Given data: Begin
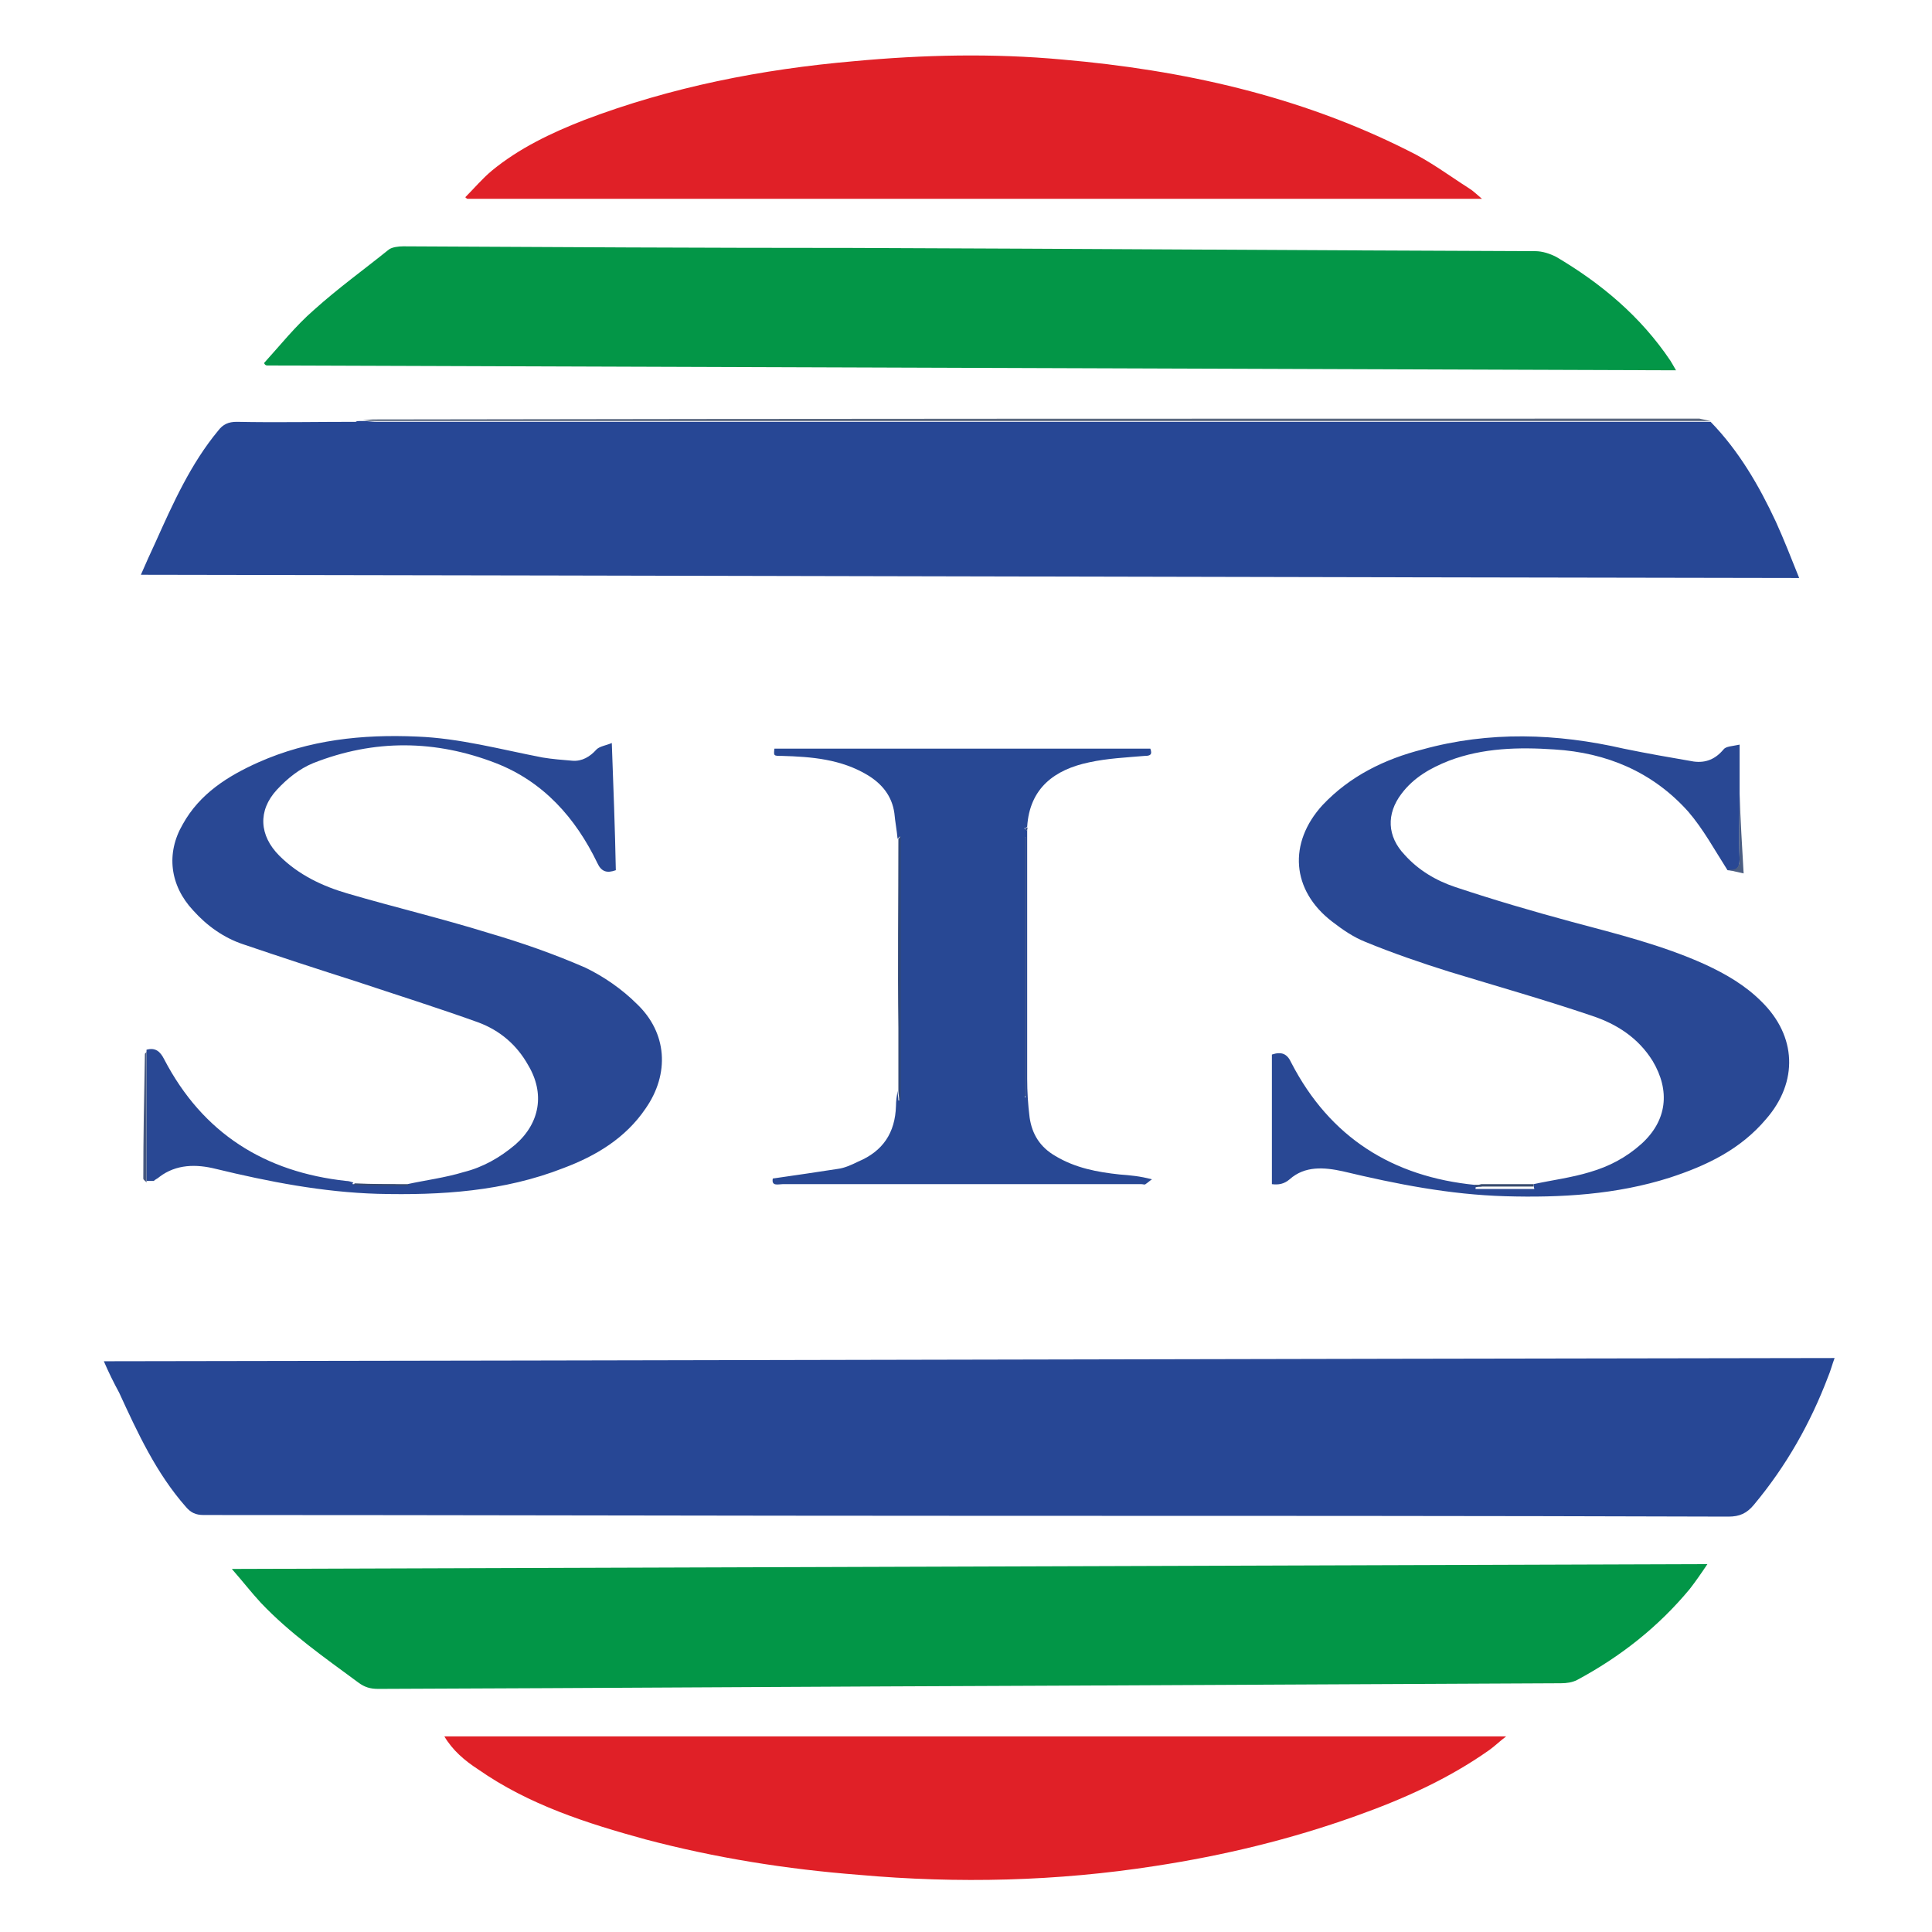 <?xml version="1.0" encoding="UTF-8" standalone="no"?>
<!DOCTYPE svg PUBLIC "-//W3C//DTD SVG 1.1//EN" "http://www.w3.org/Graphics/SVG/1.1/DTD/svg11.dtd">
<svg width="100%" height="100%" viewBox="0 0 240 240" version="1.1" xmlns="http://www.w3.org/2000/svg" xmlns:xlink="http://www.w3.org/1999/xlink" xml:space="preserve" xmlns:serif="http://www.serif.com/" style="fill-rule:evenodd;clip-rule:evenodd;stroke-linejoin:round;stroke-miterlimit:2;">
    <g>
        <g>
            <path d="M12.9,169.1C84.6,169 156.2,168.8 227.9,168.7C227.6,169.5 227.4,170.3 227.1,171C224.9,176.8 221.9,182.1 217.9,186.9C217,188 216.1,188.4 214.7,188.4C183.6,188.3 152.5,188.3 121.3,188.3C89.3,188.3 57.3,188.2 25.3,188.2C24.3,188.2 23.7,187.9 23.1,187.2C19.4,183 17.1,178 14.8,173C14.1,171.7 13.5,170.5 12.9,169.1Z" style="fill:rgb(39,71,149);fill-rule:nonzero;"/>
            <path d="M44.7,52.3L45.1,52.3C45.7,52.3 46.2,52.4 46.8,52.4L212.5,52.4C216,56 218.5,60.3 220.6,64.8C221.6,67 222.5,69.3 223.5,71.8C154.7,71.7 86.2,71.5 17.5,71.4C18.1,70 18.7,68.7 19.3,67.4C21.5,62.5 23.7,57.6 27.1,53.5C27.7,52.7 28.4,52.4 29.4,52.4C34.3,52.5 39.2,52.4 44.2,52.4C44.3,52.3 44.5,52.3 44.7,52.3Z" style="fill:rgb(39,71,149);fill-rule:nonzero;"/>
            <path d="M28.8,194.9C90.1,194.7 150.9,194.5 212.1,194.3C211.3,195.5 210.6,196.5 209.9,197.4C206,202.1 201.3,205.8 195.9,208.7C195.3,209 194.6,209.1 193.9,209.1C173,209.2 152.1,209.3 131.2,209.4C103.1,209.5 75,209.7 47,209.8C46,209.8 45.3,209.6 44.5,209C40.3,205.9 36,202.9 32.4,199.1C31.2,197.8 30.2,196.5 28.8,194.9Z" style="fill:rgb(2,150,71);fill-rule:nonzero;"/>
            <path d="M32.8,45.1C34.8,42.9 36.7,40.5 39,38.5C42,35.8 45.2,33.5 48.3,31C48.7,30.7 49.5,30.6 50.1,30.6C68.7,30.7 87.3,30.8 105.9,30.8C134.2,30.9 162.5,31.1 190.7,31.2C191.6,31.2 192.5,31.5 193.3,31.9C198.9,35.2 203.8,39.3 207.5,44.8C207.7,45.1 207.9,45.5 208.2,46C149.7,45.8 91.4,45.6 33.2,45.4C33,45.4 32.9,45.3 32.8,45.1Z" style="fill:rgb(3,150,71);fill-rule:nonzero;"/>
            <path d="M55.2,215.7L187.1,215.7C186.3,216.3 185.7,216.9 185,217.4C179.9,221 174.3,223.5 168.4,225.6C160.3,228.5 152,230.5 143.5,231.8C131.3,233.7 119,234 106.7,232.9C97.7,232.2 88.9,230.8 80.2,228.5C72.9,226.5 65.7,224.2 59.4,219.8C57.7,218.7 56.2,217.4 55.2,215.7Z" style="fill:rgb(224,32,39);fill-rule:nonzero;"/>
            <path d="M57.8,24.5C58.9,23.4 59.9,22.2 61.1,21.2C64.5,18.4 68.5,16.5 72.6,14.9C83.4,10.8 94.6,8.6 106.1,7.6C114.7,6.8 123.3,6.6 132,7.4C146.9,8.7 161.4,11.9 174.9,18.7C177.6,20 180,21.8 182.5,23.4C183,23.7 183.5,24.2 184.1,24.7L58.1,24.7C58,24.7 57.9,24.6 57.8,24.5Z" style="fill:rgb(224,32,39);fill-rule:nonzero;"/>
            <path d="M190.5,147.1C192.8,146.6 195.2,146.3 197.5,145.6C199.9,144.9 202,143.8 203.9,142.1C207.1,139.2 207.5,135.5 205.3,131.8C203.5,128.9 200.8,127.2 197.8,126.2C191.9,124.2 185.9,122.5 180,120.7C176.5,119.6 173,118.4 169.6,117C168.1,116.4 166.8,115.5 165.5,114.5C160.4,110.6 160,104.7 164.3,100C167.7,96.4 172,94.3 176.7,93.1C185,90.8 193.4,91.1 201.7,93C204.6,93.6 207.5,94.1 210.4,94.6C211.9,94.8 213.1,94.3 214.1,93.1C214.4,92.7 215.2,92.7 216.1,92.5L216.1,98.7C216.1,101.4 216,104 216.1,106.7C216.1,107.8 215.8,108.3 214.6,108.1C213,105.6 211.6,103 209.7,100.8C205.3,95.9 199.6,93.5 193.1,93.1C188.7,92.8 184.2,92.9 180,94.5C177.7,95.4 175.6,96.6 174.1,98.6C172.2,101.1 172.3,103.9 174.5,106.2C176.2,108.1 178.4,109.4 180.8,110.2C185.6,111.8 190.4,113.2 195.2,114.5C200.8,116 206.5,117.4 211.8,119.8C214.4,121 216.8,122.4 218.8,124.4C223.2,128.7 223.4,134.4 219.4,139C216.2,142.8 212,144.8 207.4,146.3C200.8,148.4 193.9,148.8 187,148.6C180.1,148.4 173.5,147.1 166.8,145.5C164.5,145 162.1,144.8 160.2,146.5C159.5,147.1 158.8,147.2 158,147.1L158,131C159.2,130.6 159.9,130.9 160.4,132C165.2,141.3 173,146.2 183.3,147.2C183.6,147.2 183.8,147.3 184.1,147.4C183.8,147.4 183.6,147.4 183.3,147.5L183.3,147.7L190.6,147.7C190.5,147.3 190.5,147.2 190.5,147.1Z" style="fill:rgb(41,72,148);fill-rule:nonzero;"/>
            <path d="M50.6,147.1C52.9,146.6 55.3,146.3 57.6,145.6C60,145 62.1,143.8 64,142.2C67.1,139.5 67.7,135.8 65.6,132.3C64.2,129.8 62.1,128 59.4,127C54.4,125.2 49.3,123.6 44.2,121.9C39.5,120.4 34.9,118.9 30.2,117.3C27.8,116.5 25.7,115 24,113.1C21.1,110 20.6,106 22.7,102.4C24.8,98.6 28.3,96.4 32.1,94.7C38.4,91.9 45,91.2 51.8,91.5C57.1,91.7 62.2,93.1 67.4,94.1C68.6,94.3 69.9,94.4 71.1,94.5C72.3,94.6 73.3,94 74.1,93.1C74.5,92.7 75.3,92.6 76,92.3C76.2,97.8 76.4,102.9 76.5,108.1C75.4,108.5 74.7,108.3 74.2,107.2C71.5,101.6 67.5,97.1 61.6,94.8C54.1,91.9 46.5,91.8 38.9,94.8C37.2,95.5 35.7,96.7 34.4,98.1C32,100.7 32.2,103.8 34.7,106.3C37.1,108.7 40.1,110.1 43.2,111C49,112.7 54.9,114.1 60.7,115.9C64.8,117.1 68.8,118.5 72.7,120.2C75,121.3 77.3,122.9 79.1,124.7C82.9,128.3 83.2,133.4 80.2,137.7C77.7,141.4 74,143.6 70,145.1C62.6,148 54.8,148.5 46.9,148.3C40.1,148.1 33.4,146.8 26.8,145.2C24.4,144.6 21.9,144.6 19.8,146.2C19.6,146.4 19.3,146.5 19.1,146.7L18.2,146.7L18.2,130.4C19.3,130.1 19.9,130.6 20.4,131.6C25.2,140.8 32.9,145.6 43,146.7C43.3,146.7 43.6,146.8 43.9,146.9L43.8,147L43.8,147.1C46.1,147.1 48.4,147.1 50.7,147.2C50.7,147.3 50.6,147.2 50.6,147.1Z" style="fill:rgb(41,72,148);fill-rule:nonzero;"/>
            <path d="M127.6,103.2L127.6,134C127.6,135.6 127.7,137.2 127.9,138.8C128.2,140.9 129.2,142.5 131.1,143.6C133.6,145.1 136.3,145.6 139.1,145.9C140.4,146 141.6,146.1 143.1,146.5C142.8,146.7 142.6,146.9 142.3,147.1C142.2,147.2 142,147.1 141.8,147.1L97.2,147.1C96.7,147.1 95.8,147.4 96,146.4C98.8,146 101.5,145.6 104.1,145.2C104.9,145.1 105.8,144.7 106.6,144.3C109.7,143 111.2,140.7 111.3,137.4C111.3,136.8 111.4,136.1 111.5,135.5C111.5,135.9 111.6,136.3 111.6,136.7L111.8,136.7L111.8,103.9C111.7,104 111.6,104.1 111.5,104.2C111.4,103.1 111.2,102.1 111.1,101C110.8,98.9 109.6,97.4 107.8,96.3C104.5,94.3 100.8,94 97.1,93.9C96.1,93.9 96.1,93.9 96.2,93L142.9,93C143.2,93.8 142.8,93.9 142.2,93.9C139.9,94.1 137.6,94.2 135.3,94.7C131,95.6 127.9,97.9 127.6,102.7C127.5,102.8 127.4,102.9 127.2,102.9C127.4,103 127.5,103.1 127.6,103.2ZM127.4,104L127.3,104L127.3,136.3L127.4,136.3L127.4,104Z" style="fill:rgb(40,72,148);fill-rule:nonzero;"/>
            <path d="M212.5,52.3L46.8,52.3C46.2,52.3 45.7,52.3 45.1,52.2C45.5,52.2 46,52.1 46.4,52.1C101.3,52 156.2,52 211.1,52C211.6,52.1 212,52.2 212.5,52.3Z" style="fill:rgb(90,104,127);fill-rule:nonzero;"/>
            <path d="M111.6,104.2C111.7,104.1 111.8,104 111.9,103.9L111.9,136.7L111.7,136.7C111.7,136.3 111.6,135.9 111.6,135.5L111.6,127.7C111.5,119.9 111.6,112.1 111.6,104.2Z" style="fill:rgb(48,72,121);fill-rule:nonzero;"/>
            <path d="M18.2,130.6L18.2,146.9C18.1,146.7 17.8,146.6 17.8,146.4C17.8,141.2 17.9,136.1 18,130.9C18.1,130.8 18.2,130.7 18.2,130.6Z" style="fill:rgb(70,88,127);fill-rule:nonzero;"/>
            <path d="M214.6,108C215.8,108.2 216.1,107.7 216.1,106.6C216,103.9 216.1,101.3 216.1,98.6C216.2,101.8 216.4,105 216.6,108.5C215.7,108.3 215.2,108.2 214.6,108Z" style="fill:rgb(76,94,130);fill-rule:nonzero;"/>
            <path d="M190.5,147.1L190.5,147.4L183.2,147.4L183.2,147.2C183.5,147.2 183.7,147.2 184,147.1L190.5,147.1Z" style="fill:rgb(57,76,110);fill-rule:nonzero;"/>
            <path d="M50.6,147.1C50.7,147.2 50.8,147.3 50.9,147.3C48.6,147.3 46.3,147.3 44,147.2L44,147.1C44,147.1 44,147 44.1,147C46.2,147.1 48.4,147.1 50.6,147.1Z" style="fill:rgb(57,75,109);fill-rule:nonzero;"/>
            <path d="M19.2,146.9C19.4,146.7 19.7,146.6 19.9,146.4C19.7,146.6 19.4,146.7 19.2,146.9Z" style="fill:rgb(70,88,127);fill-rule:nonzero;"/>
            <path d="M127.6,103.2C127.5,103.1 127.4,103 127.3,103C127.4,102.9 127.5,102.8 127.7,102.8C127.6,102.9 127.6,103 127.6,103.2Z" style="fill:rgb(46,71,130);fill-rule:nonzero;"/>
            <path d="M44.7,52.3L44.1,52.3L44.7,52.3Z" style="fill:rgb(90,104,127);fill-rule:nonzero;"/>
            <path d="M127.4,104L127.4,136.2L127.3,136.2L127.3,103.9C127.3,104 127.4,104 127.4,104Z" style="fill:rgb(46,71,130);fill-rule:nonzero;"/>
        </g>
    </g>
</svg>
Given data: End
* Instructions to follow: No pictures should appear; only the lines from the first line of the records through the line with "<!DOCTYPE svg PUBLIC", both included, are to be restated word for word.

* Result for this exercise:
 <?xml version="1.0" encoding="UTF-8" standalone="no"?>
<!DOCTYPE svg PUBLIC "-//W3C//DTD SVG 1.1//EN" "http://www.w3.org/Graphics/SVG/1.1/DTD/svg11.dtd">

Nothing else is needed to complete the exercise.